JM: You absolutely did that. Who were some of your favorite edge rushers to do battle with in practice?
DR: I played against UNI so I was very familiar with Elerson Smith. He’s always been a great guy to go up against. He was about 25 pounds lighter when I played him in college, though (laughs). He’s clearly been working hard. It was impressive to see him out there. Playing against him at the Senior Bowl was very different from playing versus him in college. He’s a long guy and he’s taller than me. He has long arms and he’s very powerful. He’s a quick-twitch pass rusher. He’s gonna be a good player at the next level.

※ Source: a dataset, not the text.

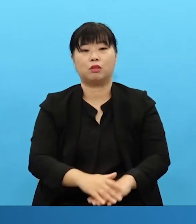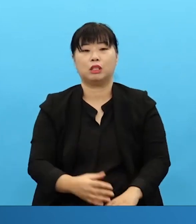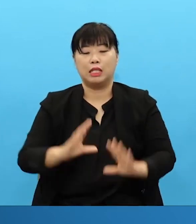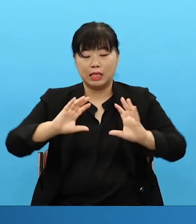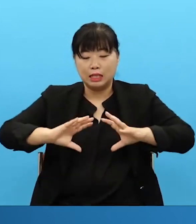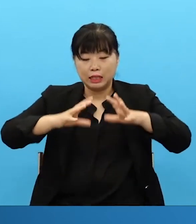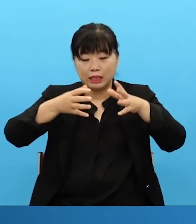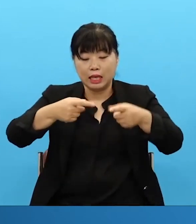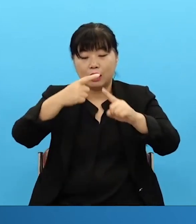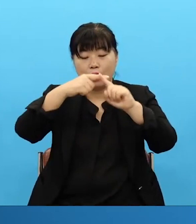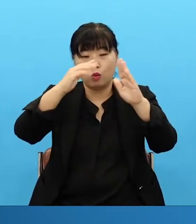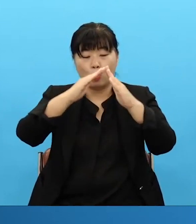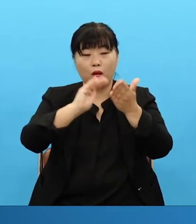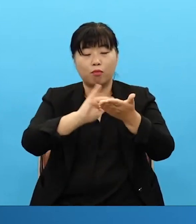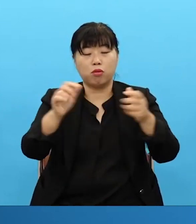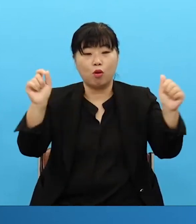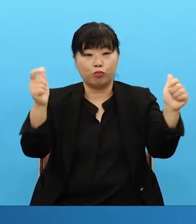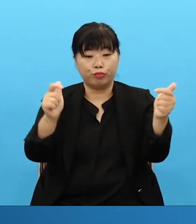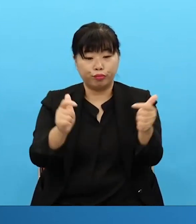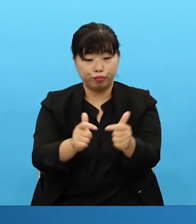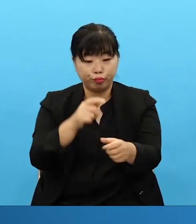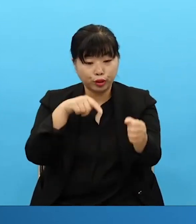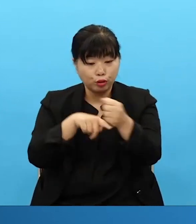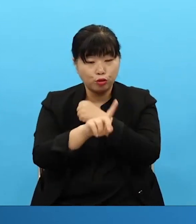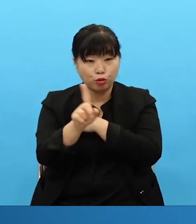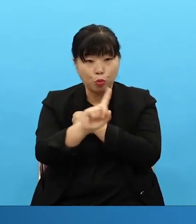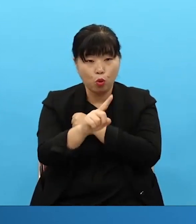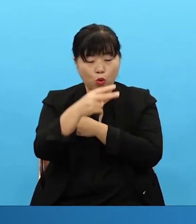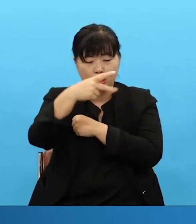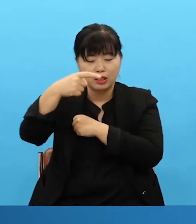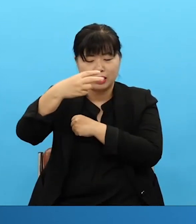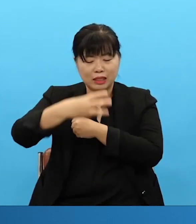And right now, the reason why the world church starts closing is because they lack these courtyards. It's a problem,
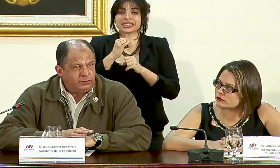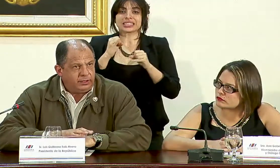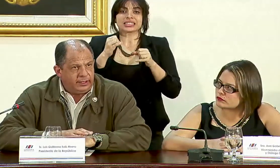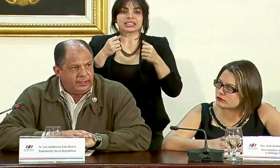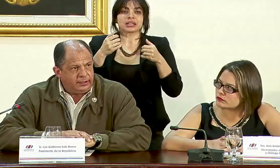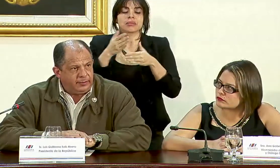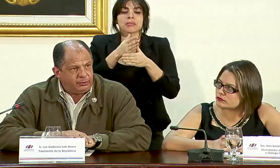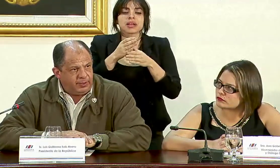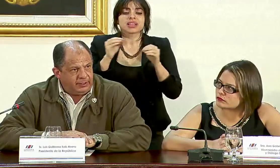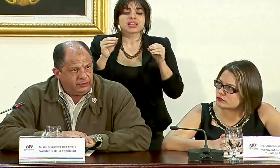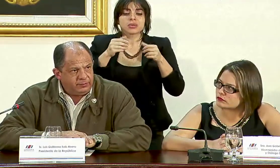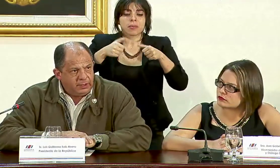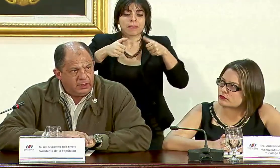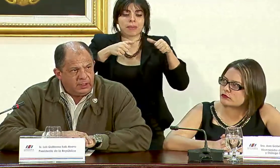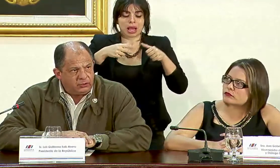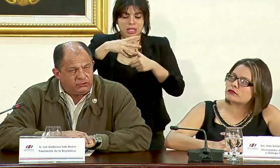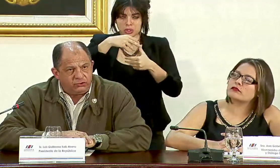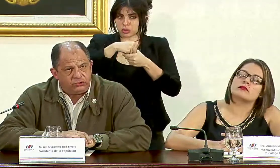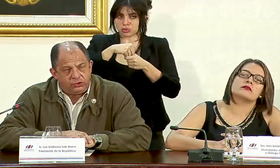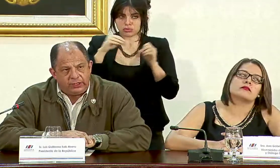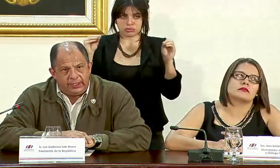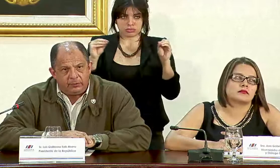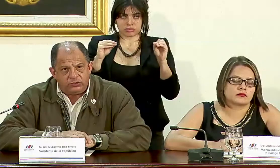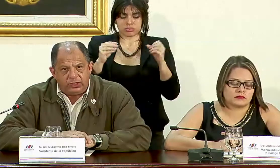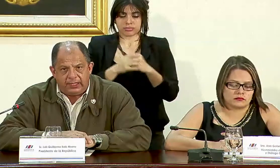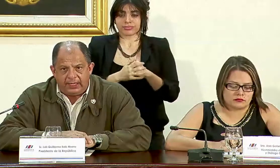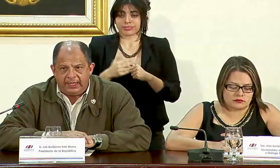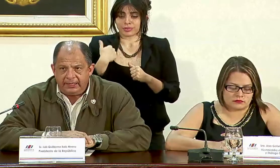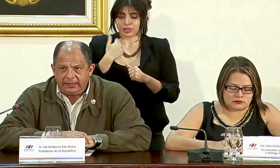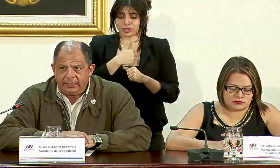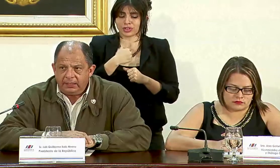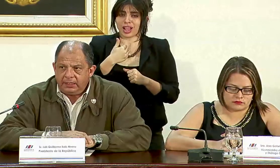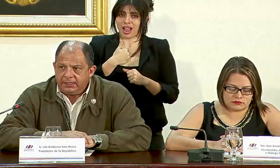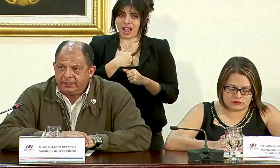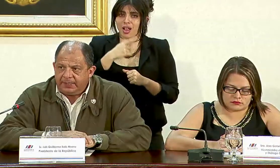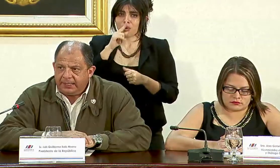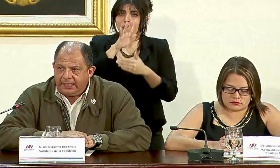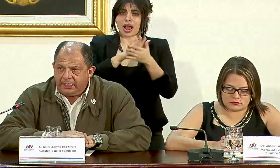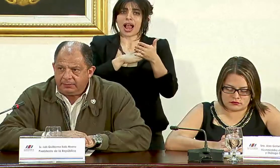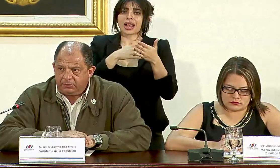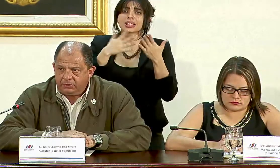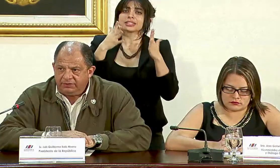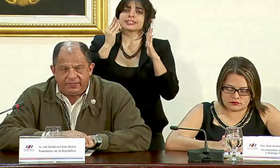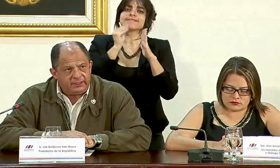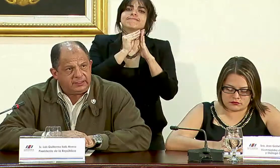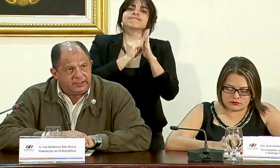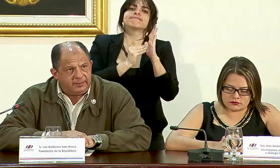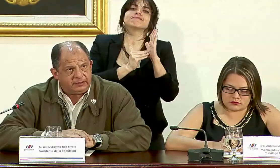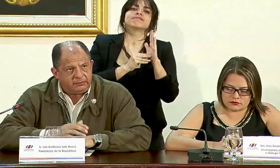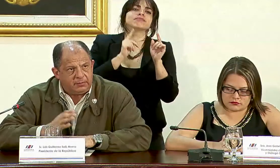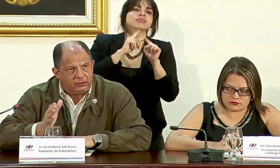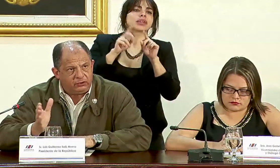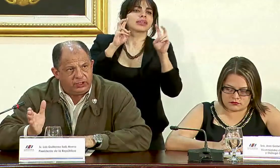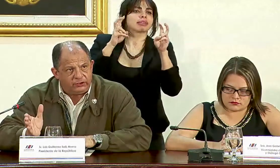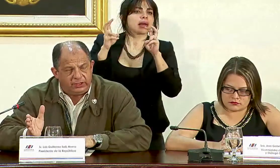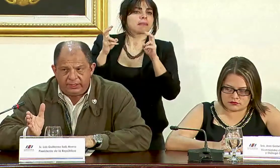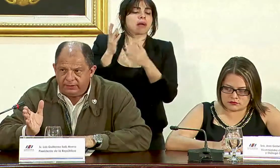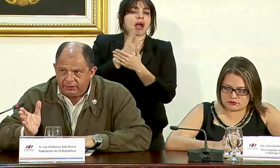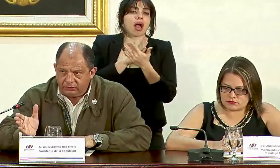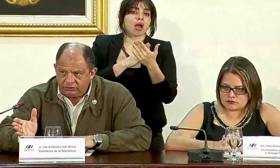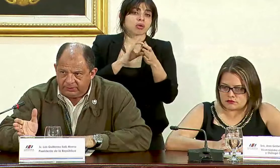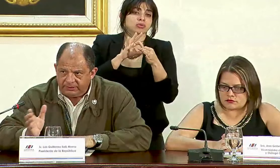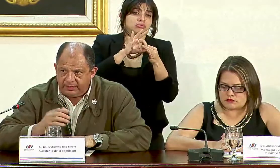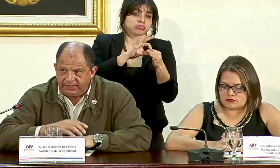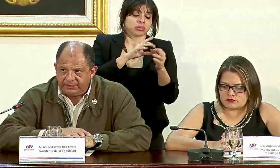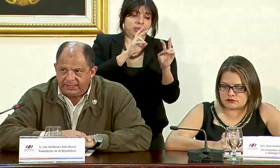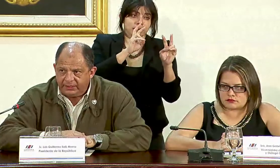ninguno de por medio nosotros tenemos una agenda que está marcada por diferentes temas algunos de ellos tienen

Daelin Hayes from Notre Dame was another good one. It was cool to go up against a lot of those big school guys. Rashad Weaver from Pittsburgh was another big one. The guy from Florida State [Janarius Robinson]—I didn’t practice against him but I played against him in the game. He’s a bigger guy. Going up against those longer, bigger, quick-twitch guys excites me. I love testing my ability against players of that stature.
JM: This has been terrific, Dillon. I’ve really appreciated your time today. I feel like you’ve allowed me to tell the full range of your draft story and I’m very thankful for that. In closing, and I know this is one of your goals, why is Dillon Radunz going to be the earliest offensive lineman to ever get drafted coming out of NDSU?
DR: Because of the village around me. We all produced this. I didn’t do this alone. It’s not just me. This happened through my faith, through the people around me, the people at NDSU, my high school coaches, and my mom. All of these people lifted me up. They all trained me and made me the person that I am today. Through that culmination of hard work and support, we made this happen.
The experience I received, watching NDSU consistently send players to the NFL, it’s all been a learning experience for me. I will continue to get better. The program at NDSU will continue to get better. I’m just thankful to be a part of that history and lineage.
You said it, it’s a goal of mine to get drafted early, but I hope that someday another offensive lineman comes from NDSU and gets drafted earlier than I do. That’s something I want to be a part of.
All of this says a lot about where I come from and the amazing people that I have in my life.